Task prompt: For the data below, give the number of lines in which "italic" occurs. Include nothing besides that number.

Records to use:
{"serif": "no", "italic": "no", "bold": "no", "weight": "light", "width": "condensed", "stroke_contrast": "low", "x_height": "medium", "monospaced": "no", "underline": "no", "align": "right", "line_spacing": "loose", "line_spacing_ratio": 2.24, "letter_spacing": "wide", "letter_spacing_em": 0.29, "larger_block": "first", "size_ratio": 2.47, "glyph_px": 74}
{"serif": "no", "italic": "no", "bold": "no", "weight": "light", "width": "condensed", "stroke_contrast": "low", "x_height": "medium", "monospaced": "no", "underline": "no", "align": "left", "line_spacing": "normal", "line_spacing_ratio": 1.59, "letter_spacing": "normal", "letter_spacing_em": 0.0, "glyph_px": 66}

* * *

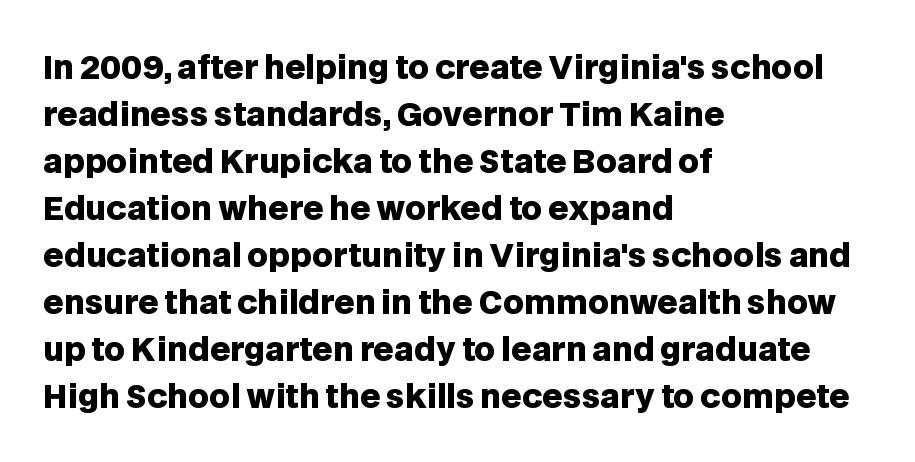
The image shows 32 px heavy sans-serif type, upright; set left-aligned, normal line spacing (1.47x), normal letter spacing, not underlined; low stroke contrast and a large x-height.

Written response: 2